Aim of the exercise: Skip the pictures. Transcribe the rest of the data below without changing a word.

Input data:

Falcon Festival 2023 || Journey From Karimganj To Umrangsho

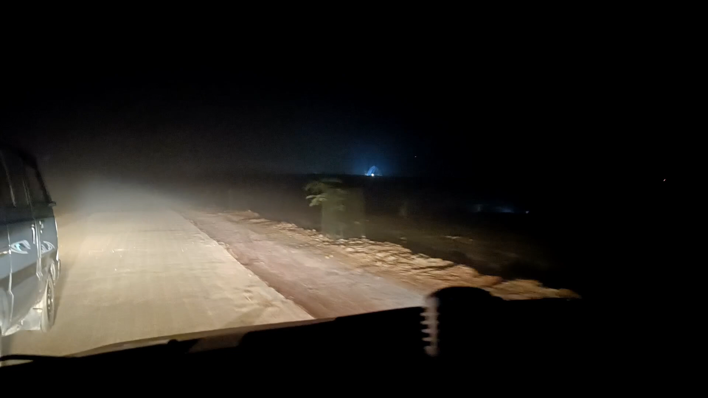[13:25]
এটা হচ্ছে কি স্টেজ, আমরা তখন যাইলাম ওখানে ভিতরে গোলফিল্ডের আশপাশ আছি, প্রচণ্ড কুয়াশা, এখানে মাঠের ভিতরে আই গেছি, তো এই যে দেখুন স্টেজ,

Task answer:
Falcon Festival 2023 || Journey From Karimganj To Umrangsho

[13:25]
এটা হচ্ছে কি স্টেজ, আমরা তখন যাইলাম ওখানে ভিতরে গোলফিল্ডের আশপাশ আছি, প্রচণ্ড কুয়াশা, এখানে মাঠের ভিতরে আই গেছি, তো এই যে দেখুন স্টেজ,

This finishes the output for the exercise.